Книга третья. Рыцари Открытого Моря.
Глава XIII

Заявление о нарушении
авторских прав
Автор:Фаррер К., год: 1911
Категории:Роман, Приключения


Предыдущая страницаОглавлениеСледующая страница

XIII

Вернулся "Горностай" на Тортугу через семь дней...

В тот день устроен был праздник на королевских фрегатах. Начальник эскадры, человек знатный, принимал губернатора де Кюсси Тарена, а также обоих комиссаров его величества, господ де Сен-Лорана и Бегона, - хотя те и были простыми приказными; но на расстоянии полутора тысячи миль от Версаля можно было несколько поослабить этикет. На этот праздник была приглашена вся городская знать. Адмиральский фрегат, весь расцвеченный флагами и разукрашенный цветами и листвой, имел вид плавучего дворца. На ахтер-кастеле виднелась палатка из малинового отороченного золотом бархата, и в ней важно расселись приглашенные вельможи за длинным столом, заставленным превосходными винами, а также пивом, сидром, лимонадом и прочими подобными напитками, со множеством фруктов, печенья, шоколада, которыми все тешились всласть, осушая за здоровье короля бутылку за бутылкой. Так что до захода солнца и несмотря на то, что угощение было подано уже после полудня, всеми овладело буйное веселье; слышны были одни лишь песни, смех и радостный галдеж.

Тем не менее, вахтенная служба снаружи не ослабевала, и вахтенные сигнальщики направляли на горизонт свои подзорные трубы с той аккуратностью, которая привилась на кораблях его величества короля Франции благодаря указам господина Кольбера. Так что один из вахтенных начальников не побоялся явиться в самый разгар пиршества и притом прямо в бархатную, отороченную золотом палатку, чтобы доложить начальнику эскадры о появлении паруса, приближающегося к месту якорной стоянки.

Начальник эскадры как раз поднял бокал. Сама по себе новость не представляла ничего особенного. Он встретил ее шутливо.

-- Черта с два! - сказал он, поднимая наполненный до краев стакан. - Парус этот, бесспорно, подходит к нам в добрый час! Добро пожаловать! Господа, выпьемте за этот парус!

Все выпили. Но вахтенный начальник, с шапкой в руке, вытянувшись в струнку, не уходил. И начальник эскадры это заметил.

-- Ну, что еще? - спросил он. - И чего ты стоишь, милейший, будто аршин проглотил? Говори же, черт подери!

-- Адмирал, - сказал моряк, - все насчет того паруса...

-- Ну?

-- Мне кажется, он как две капли воды похож на того проклятого корсара, который отсюда поднялся на той неделе...

-- Эге! - вскричал адмирал, сделавшись вдруг серьезен, как на панихиде. - Ты хочешь сказать - "Горностай" Тома-Ягненка?

-- Так точно, - ответил вахтенный начальник.

Имя это произвело магическое действие.

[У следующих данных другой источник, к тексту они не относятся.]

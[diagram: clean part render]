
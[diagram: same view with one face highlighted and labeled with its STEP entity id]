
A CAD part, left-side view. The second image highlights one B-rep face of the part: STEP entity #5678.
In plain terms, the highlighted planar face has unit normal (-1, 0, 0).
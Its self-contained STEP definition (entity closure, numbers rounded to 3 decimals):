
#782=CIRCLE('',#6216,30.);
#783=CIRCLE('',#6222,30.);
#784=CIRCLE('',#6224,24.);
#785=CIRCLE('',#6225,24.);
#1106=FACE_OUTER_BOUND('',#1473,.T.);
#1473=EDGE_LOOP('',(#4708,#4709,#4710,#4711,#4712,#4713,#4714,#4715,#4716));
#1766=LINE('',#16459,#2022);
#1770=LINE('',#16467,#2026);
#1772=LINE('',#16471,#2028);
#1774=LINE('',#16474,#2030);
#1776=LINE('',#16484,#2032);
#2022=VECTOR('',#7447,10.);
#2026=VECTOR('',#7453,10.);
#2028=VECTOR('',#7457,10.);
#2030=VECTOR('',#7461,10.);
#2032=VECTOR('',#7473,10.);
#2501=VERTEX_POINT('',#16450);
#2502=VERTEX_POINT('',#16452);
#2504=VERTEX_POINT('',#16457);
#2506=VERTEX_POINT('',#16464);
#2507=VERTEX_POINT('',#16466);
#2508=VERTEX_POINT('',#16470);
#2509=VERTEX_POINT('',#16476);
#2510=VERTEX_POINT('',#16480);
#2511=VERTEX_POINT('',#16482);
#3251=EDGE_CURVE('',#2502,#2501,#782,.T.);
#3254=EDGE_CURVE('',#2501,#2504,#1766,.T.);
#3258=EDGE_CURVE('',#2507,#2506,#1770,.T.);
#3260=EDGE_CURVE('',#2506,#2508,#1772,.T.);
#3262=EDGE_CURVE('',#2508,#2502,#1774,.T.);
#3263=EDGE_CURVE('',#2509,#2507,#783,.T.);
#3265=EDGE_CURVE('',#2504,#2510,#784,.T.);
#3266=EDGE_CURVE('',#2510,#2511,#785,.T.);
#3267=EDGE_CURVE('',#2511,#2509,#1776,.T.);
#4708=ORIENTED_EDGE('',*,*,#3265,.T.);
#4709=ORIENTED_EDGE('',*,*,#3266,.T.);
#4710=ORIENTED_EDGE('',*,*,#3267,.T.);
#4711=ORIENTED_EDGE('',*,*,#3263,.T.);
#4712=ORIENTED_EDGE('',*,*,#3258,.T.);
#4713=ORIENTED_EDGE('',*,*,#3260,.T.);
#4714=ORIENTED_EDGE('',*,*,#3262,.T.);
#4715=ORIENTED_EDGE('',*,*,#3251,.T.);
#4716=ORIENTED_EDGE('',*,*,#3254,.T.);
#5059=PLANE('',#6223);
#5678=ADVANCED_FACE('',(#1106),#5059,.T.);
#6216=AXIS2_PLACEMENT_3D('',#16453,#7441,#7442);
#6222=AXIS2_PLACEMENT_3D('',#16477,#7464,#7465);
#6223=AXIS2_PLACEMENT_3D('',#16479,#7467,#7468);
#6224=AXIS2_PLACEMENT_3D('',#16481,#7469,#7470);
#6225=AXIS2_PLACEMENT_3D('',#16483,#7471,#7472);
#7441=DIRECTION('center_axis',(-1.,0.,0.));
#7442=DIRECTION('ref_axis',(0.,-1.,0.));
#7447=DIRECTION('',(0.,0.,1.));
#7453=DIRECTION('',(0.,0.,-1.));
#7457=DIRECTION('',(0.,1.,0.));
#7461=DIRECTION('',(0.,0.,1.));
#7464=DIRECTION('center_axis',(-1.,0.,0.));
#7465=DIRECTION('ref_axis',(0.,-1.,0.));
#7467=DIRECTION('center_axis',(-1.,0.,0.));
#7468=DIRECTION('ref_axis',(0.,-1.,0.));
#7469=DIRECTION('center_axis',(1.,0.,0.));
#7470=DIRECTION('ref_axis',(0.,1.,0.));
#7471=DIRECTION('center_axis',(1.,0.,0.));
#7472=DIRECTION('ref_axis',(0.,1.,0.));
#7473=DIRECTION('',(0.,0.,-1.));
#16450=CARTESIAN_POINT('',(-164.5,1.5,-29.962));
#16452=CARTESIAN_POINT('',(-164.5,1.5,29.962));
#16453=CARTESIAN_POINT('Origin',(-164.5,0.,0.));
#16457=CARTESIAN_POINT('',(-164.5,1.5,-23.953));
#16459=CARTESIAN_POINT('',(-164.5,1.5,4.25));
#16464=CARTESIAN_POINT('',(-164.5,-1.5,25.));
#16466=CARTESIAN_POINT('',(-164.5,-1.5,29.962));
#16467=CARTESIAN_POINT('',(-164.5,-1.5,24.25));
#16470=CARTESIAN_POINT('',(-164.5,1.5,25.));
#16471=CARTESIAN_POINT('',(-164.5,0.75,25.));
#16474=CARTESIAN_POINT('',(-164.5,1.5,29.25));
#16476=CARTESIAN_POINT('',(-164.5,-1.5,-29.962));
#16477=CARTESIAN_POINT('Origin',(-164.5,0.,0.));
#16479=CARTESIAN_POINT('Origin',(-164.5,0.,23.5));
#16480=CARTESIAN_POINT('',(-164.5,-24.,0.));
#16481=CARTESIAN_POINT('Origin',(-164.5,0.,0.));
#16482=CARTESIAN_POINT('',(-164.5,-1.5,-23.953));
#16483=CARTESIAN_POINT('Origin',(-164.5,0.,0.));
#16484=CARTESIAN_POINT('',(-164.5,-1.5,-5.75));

Смолкли песни и смех. Господин де Кюсси Тарен побледнел. Господа де Сен-Лоран и Бегон подошли, прислушиваясь.

Начальник эскадры оставался, однако же, спокоен. Он даже пожал плечами.

-- Ба! - сказал он, минуту помолчав. - Тома-Ягненок, или кто другой, нам на это наплевать! Пусть приходит, если это он. Впервые, что ли, "Горностай" отправляется в поход на восемь - десять дней, очевидно, с целью приучить к морю неопытный экипаж?

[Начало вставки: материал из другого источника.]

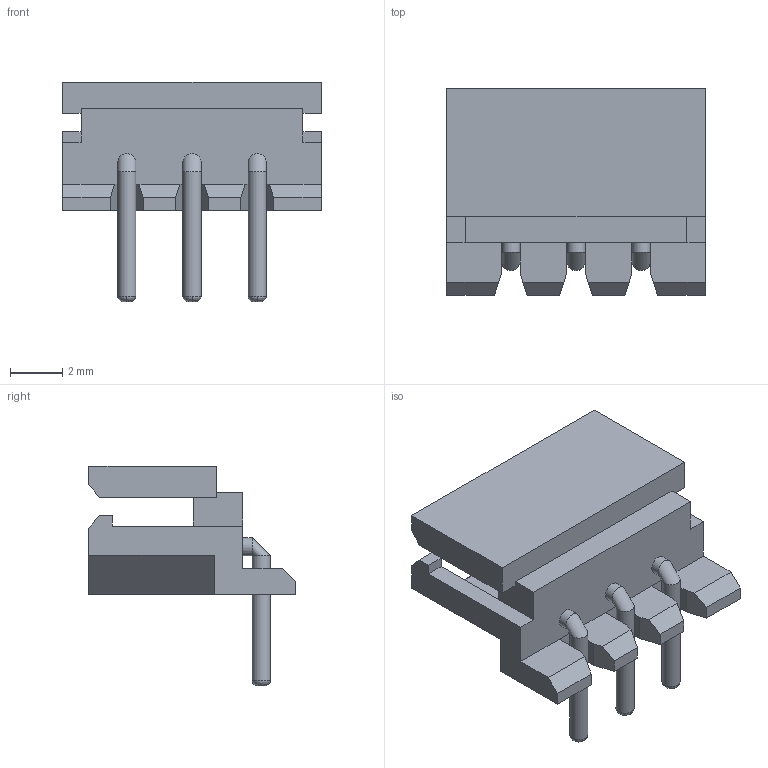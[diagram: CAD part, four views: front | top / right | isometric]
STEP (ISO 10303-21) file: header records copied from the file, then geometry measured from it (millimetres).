
FILE_DESCRIPTION( ( 'STEP AP214' ), '1' );
FILE_NAME( 'psolqas1227242536.stp', '2019-07-17T10:27:24', ( '' ), ( '' ), ' ', 'PARTsolutions', ' ' );
FILE_SCHEMA( ( 'AUTOMOTIVE_DESIGN { 1 0 10303 214 1 1 1 1 }' ) );
Length unit declared in the file: metre
Products named in the file (1): 1
Bounding box: 9.9 x 7.9 x 8.4 mm (x, y, z)
Volume: 174.2 mm3; surface area: 456.5 mm2
Topology: 1 solids, 1 shells, 108 faces, 278 edges, 172 vertices
Faces by surface type: plane 84, bspline 12, cylinder 9, torus 3
Full cylindrical faces by diameter (mm): 0.7 x9
Entity records: 3392 total; most frequent: CARTESIAN_POINT 869, ORIENTED_EDGE 520, DIRECTION 495, EDGE_CURVE 260, LINE 205, VECTOR 205, VERTEX_POINT 169, AXIS2_PLACEMENT_3D 145

При слове "неопытный" губернатор де Кюсси покачал головой. Вахтенный же начальник продолжал между тем стоять перед начальником эскадры, разинув рот и не говоря ни слова.

-- Ты еще не кончил? - воскликнул разгневанный адмирал. - Что тебе еще надо, морской жид, смоленый зад? Стаканом вина угостить тебя? Или пинком в задницу?

Такова игривая манера морских офицеров в разговоре со своими матросами. И у вахтенного начальника сразу развязался язык.

-- Никак нет, адмирал, - ответил он, - Но дело в том, что корсарский фрегат на сей раз возвращается к якорной стоянке не таким, как обычно.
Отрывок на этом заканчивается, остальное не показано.